◆ INSTRUCTIONS TO FOLLOW ◆
Retype all of the data word for word, without pictures.

◆ Records from a data source ◆
++++++++++++++++++++
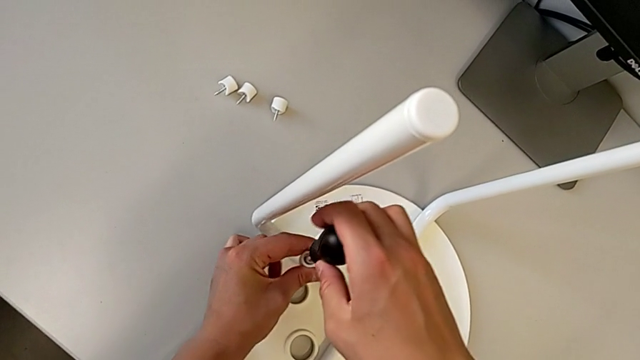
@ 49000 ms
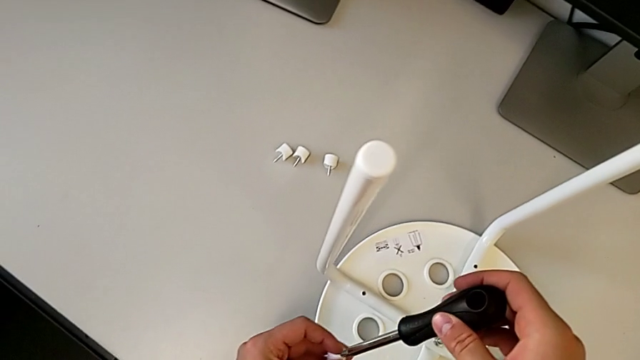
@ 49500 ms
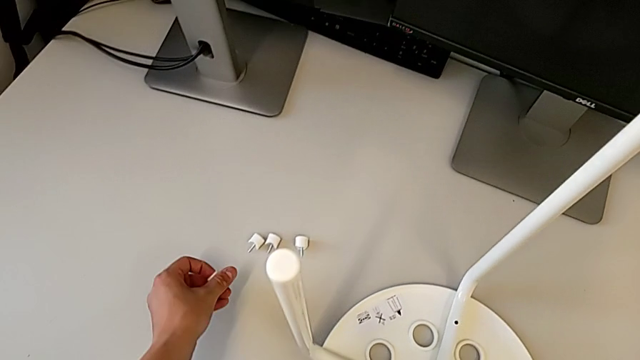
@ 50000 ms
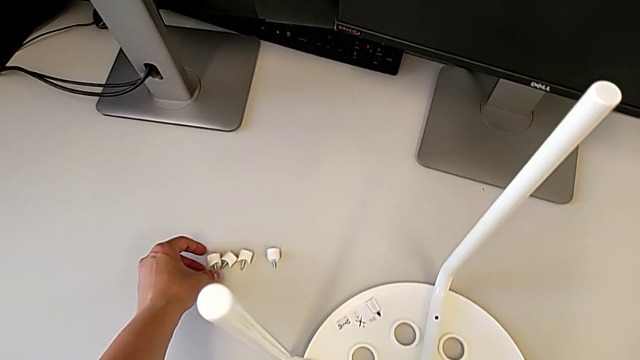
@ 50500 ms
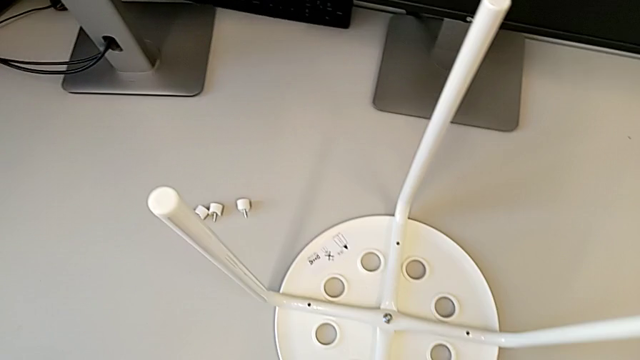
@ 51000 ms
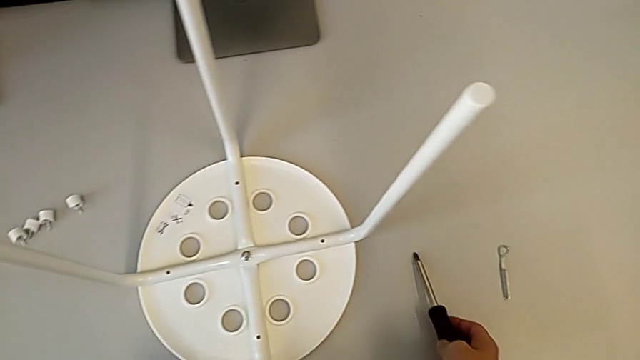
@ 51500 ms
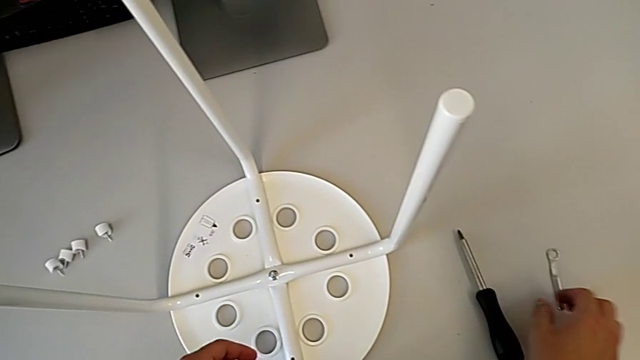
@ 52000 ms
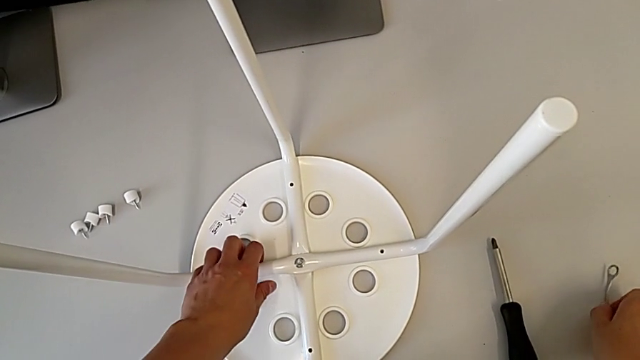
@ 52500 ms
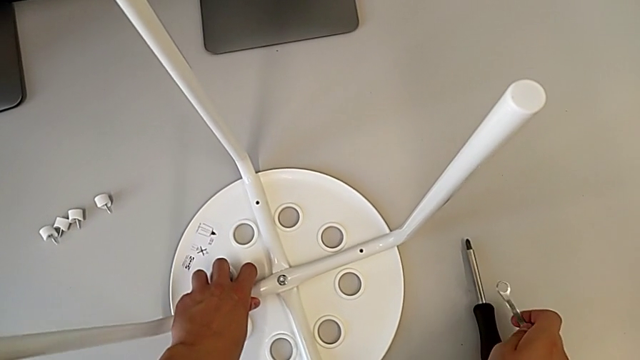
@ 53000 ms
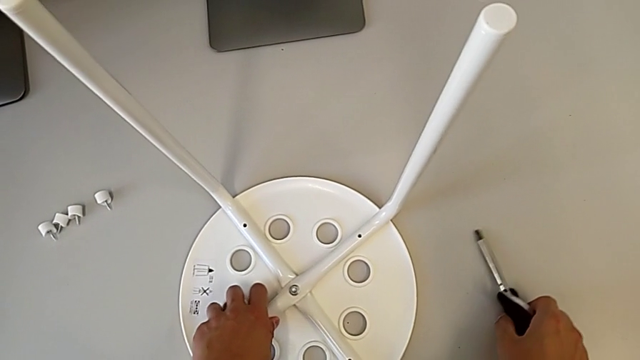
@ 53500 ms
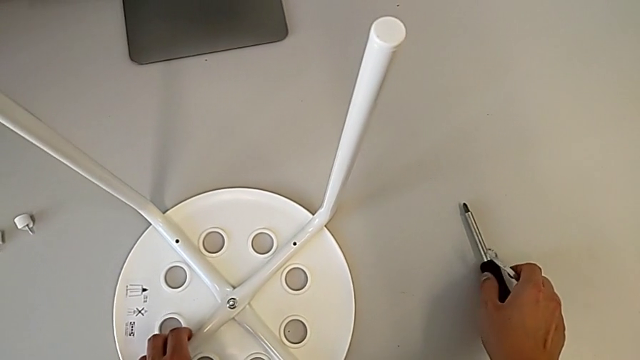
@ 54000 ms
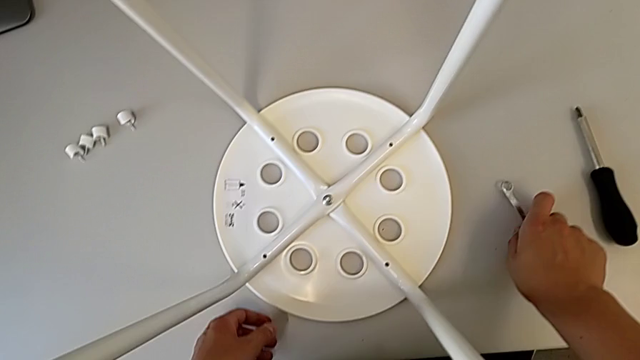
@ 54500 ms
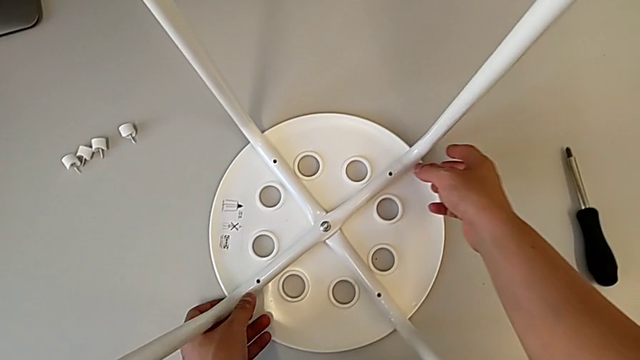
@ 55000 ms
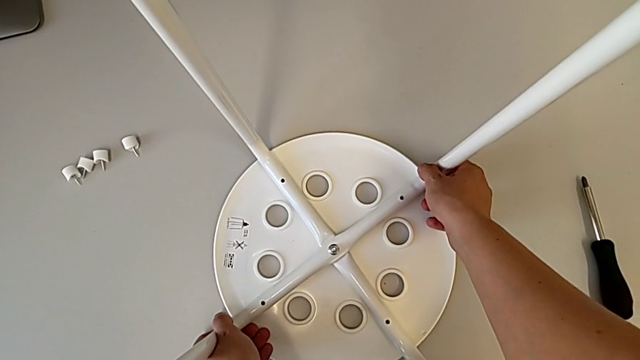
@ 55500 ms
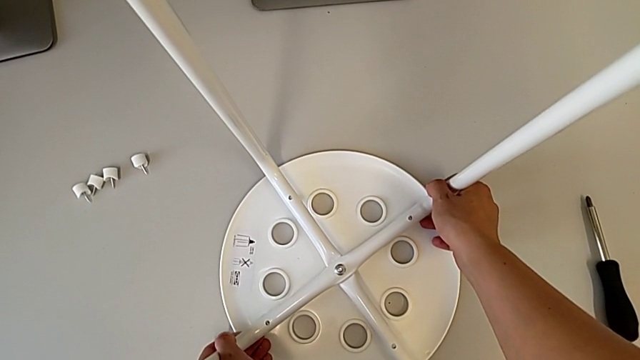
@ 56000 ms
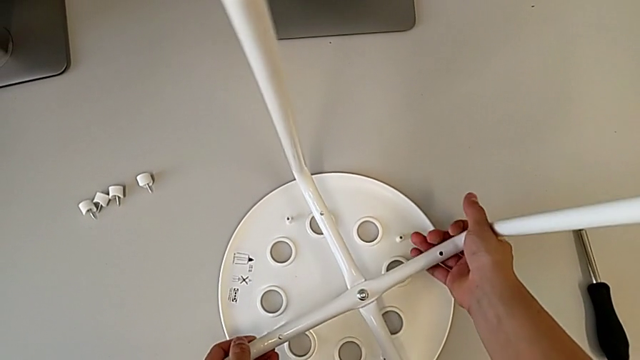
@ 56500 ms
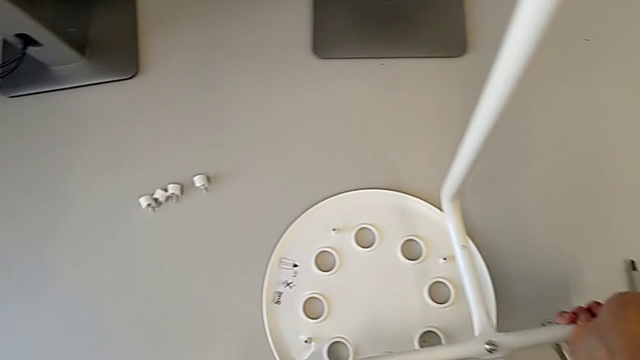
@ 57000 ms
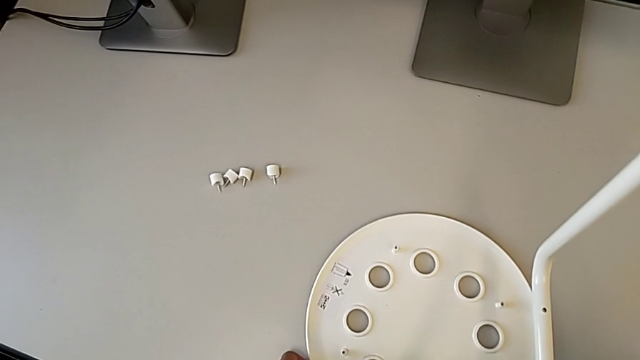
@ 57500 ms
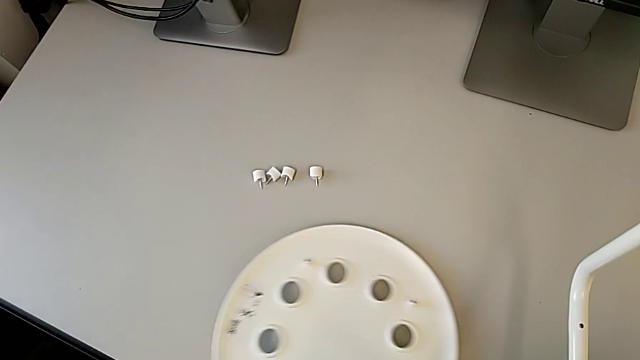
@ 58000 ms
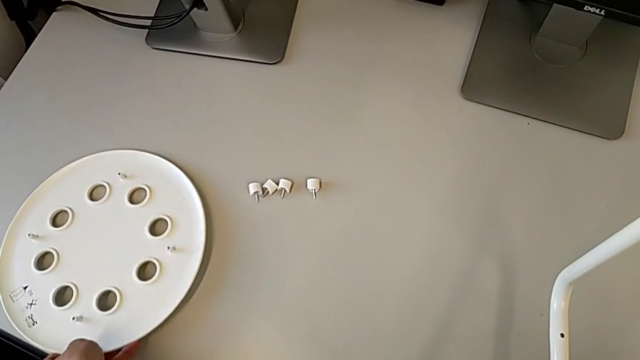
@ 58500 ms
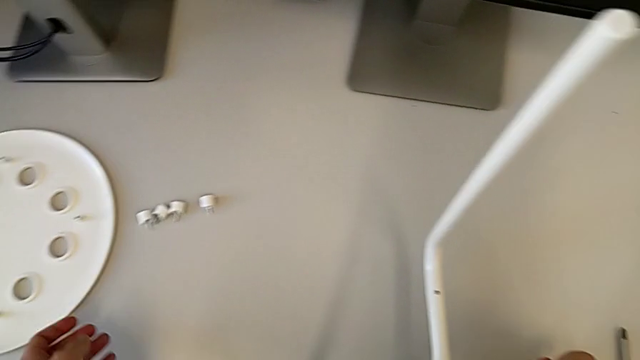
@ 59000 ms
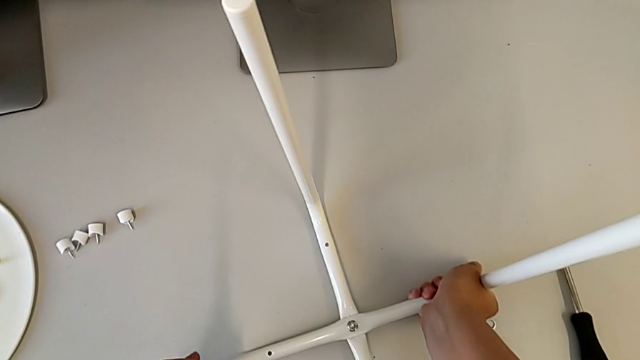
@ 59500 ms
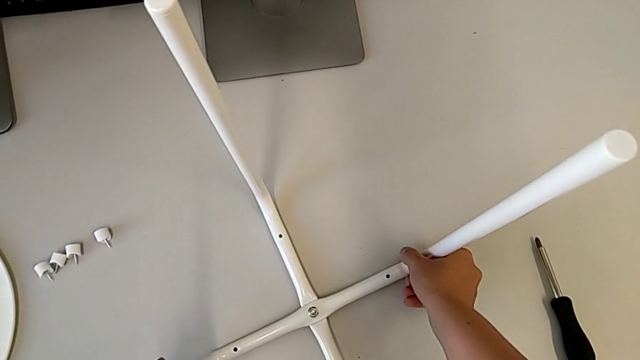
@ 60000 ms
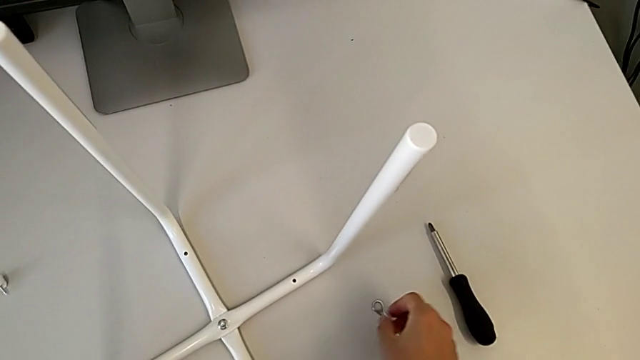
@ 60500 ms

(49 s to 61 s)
++++++++++++++++++++
◆ ANSWER FOR THE TASK ◆
@ 49000 ms
@ 49500 ms
@ 50000 ms
@ 50500 ms
@ 51000 ms
@ 51500 ms
@ 52000 ms
@ 52500 ms
@ 53000 ms
@ 53500 ms
@ 54000 ms
@ 54500 ms
@ 55000 ms
@ 55500 ms
@ 56000 ms
@ 56500 ms
@ 57000 ms
@ 57500 ms
@ 58000 ms
@ 58500 ms
@ 59000 ms
@ 59500 ms
@ 60000 ms
@ 60500 ms

(49 s to 61 s)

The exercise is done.